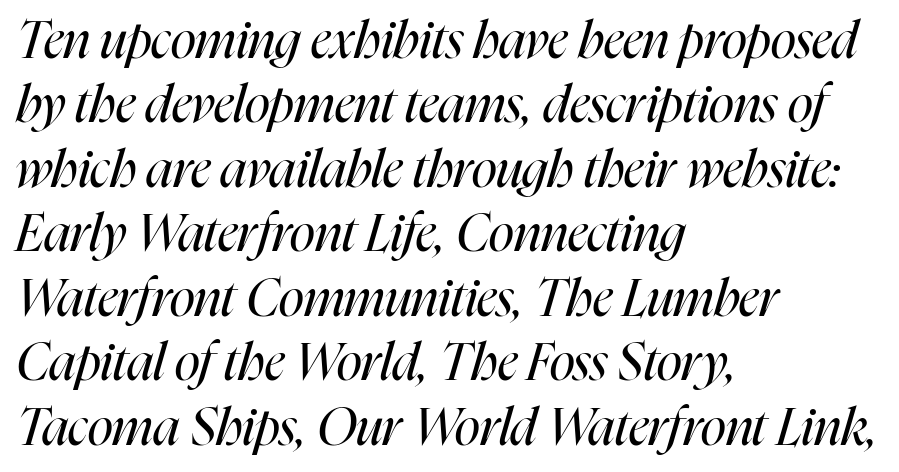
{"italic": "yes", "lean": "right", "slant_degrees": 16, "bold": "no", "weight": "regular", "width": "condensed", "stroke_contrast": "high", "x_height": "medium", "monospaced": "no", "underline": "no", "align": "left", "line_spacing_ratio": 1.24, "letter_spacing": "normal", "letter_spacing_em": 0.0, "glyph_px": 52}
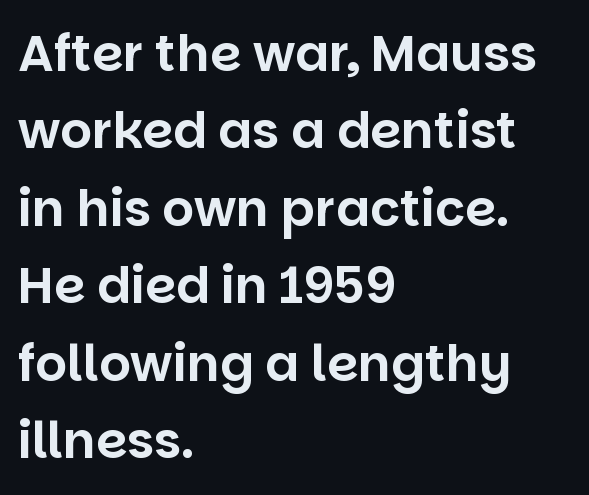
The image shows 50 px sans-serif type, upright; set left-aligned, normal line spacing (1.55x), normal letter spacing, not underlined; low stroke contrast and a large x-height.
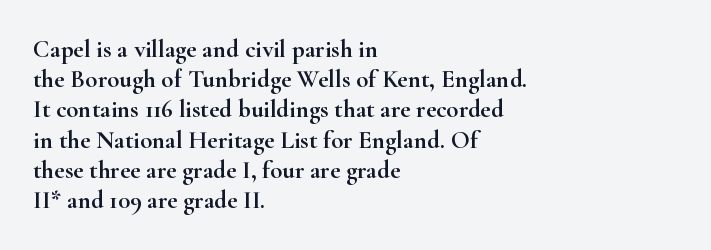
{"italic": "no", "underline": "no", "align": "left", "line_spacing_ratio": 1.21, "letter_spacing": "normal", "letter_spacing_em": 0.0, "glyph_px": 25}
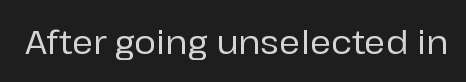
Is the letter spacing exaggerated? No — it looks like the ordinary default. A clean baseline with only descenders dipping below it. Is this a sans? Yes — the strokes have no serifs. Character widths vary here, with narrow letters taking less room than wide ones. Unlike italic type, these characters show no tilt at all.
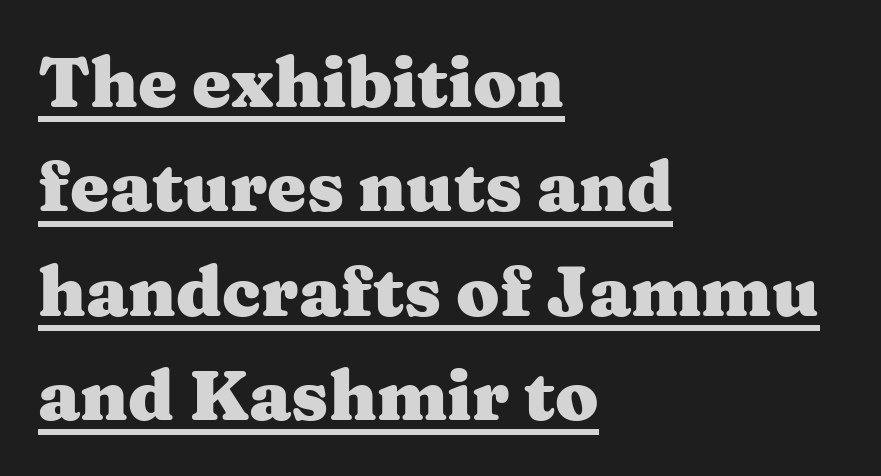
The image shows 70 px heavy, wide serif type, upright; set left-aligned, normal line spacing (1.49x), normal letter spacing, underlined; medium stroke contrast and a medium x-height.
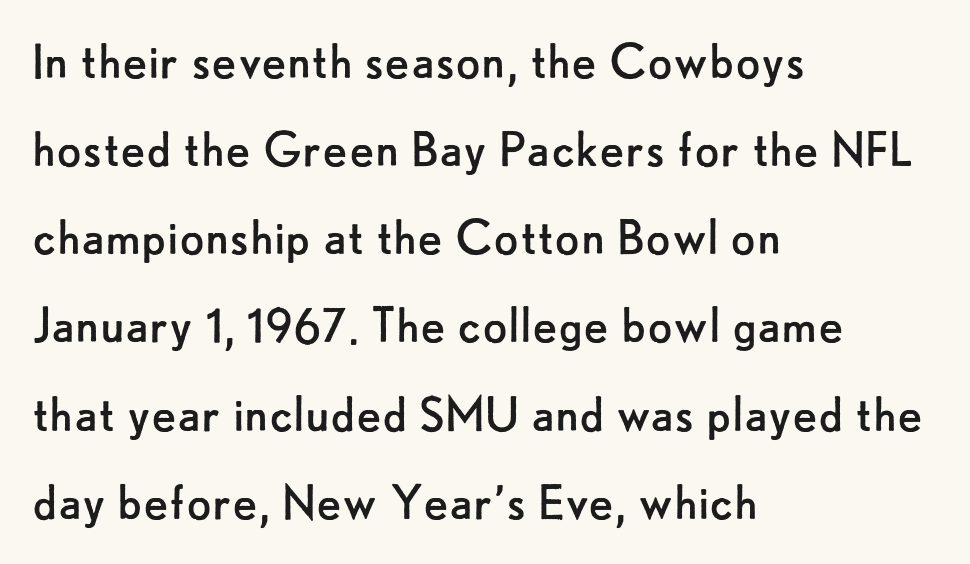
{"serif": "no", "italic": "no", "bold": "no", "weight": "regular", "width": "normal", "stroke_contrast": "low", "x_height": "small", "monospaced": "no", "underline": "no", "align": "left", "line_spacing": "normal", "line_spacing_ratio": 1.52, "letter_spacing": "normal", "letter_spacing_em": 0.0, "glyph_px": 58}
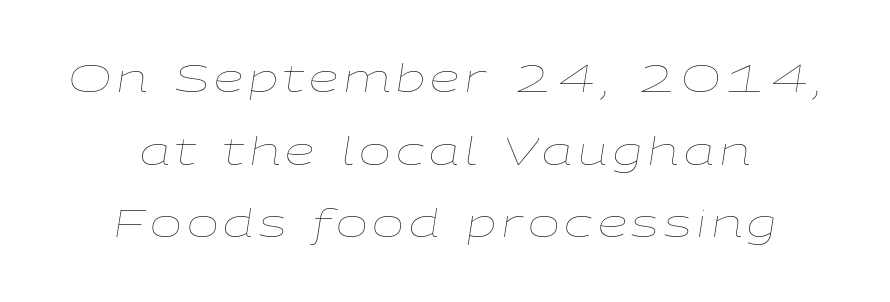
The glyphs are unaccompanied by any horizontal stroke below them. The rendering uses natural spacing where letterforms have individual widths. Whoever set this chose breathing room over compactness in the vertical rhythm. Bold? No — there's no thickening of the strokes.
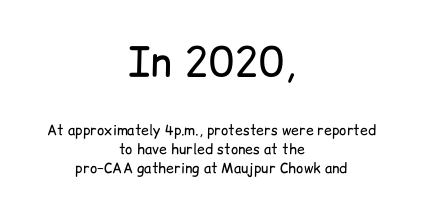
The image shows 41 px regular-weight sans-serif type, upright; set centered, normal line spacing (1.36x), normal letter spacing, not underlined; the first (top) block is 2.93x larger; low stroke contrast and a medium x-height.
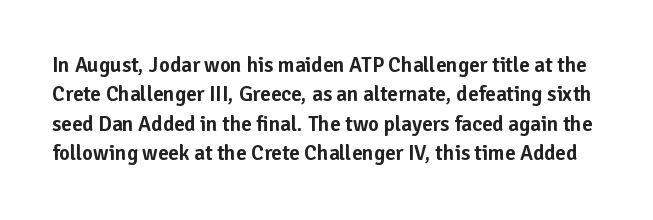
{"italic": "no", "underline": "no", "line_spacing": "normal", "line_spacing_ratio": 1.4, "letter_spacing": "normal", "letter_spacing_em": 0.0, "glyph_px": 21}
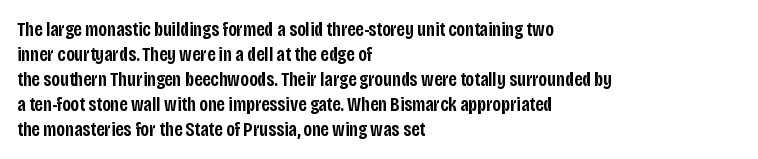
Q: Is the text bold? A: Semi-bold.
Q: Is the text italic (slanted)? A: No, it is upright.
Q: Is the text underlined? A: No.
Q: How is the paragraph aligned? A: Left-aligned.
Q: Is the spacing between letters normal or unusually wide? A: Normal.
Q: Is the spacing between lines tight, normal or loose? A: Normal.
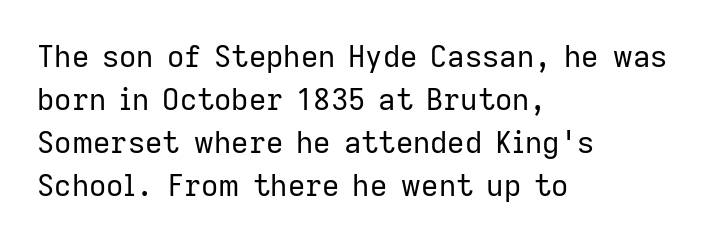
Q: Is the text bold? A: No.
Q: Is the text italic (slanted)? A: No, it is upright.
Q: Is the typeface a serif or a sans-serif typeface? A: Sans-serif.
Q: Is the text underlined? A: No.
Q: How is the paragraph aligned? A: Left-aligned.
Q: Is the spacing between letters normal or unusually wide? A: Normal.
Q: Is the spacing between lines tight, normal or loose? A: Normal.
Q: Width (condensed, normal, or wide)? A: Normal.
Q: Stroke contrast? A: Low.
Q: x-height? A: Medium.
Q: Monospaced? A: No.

————————

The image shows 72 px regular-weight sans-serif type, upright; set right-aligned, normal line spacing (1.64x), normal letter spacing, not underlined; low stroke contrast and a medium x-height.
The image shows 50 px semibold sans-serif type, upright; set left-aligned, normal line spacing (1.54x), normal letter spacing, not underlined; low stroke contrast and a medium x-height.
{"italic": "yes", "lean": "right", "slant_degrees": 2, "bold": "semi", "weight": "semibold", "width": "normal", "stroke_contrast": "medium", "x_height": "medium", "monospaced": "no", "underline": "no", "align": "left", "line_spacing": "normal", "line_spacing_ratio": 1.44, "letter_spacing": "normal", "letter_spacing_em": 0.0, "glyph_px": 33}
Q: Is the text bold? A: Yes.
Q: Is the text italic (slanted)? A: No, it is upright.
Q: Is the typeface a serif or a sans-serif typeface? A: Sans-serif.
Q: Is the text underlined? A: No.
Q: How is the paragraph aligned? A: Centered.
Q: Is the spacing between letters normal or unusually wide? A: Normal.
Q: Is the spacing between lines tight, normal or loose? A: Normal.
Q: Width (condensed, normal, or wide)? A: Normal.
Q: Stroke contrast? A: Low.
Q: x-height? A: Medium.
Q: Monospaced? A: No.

————————

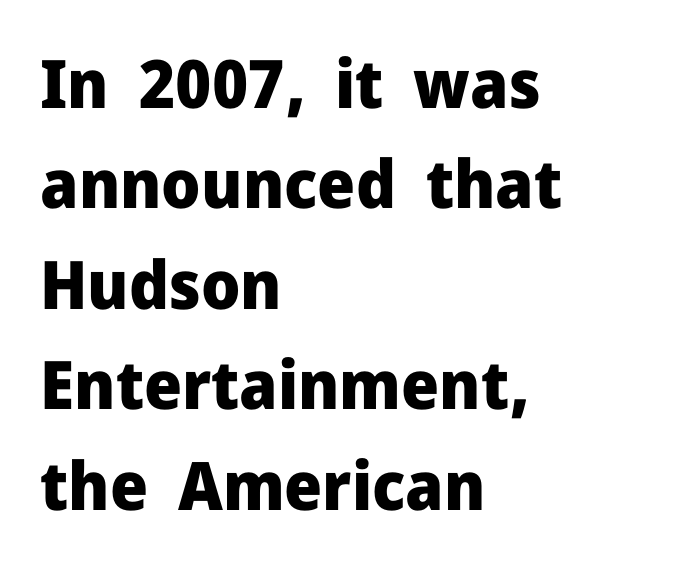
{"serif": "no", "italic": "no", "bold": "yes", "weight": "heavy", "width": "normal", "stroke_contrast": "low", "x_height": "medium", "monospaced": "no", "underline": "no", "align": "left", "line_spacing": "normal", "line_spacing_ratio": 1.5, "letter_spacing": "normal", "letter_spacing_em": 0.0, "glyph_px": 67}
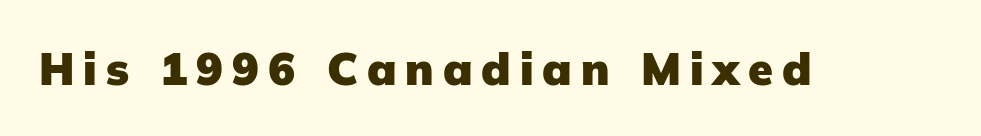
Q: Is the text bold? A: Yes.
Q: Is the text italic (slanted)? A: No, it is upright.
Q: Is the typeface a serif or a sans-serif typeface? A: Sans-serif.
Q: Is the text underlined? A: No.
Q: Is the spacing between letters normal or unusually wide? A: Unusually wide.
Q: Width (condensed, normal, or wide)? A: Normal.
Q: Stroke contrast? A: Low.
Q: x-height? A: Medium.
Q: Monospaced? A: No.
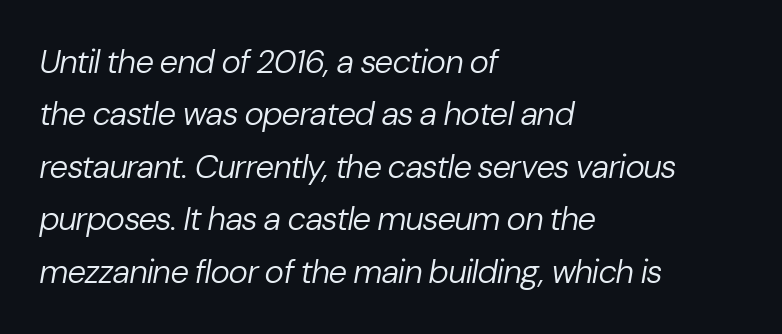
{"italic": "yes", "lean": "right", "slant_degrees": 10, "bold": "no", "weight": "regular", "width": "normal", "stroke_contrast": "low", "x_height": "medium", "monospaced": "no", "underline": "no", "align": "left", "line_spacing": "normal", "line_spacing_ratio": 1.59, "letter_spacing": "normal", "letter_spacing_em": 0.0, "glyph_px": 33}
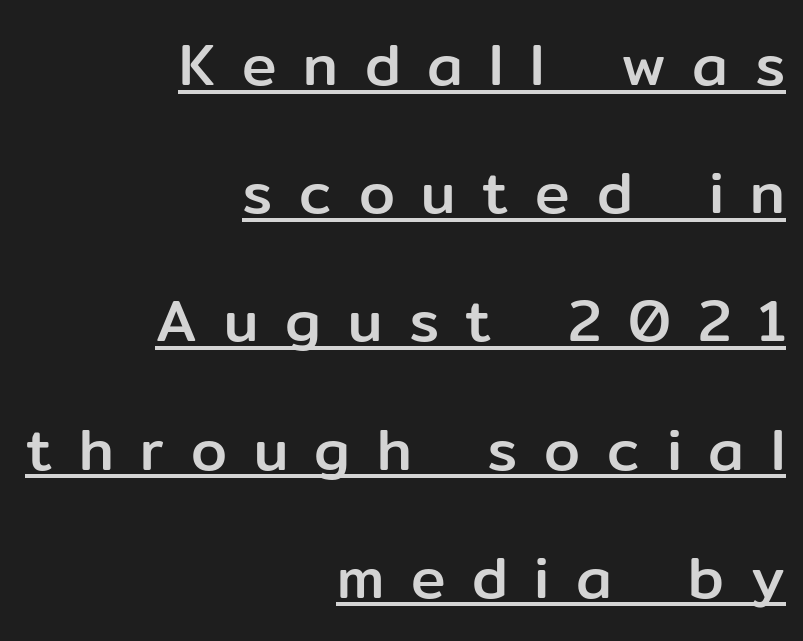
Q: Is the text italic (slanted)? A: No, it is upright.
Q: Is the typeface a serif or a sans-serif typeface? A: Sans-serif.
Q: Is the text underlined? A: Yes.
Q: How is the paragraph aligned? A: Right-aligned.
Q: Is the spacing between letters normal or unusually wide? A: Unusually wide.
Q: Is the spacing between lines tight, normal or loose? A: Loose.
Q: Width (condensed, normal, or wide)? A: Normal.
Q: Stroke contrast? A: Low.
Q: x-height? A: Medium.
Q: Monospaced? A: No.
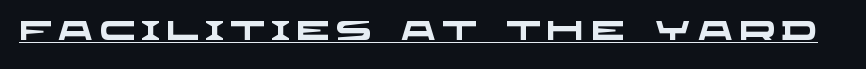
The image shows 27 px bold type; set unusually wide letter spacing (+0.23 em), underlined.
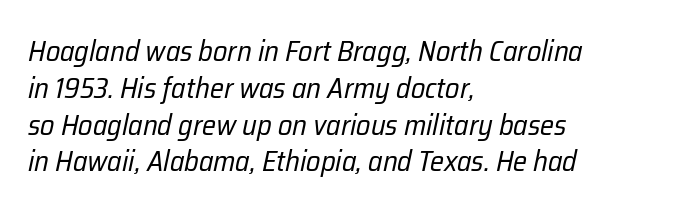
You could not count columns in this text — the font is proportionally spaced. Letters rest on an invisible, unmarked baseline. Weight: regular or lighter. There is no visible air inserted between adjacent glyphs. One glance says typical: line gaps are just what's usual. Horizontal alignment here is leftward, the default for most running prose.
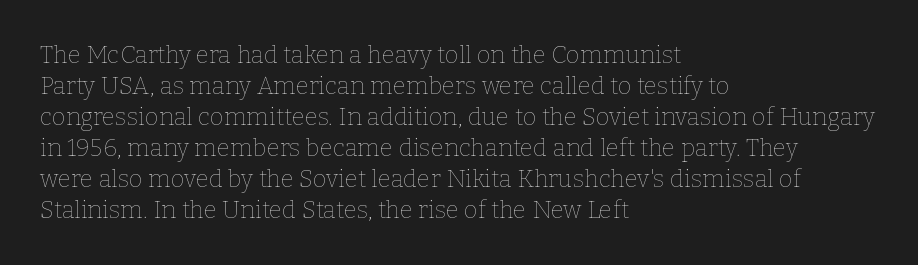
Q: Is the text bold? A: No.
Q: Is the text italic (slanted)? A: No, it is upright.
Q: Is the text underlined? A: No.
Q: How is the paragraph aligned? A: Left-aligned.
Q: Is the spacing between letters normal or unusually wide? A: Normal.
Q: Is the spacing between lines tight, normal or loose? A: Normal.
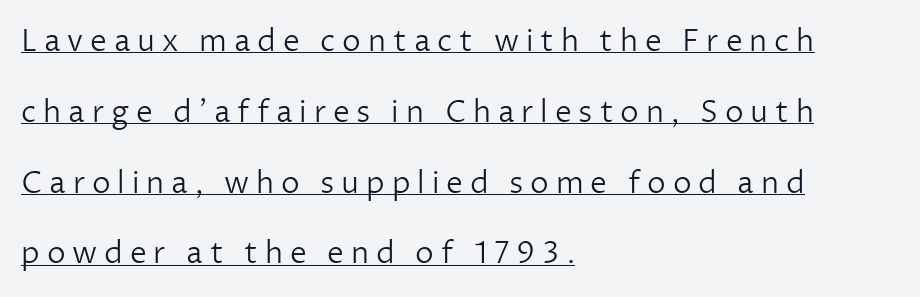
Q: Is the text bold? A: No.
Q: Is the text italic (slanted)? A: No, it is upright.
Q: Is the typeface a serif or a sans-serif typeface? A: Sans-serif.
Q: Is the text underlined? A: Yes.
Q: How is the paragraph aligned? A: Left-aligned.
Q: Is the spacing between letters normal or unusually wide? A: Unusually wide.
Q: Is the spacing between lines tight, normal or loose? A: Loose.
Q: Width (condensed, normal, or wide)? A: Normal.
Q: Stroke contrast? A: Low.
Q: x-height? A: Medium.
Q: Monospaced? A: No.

————————

Working from the listing above, pick out every line that has "heavy" and copy it.

[ANSWER BELOW]
The image shows 70 px heavy, wide serif type, upright; set left-aligned, normal line spacing (1.49x), normal letter spacing, underlined; medium stroke contrast and a medium x-height.
{"serif": "no", "italic": "no", "bold": "yes", "weight": "heavy", "width": "normal", "stroke_contrast": "low", "x_height": "medium", "monospaced": "no", "underline": "no", "align": "left", "line_spacing": "normal", "line_spacing_ratio": 1.5, "letter_spacing": "normal", "letter_spacing_em": 0.0, "glyph_px": 67}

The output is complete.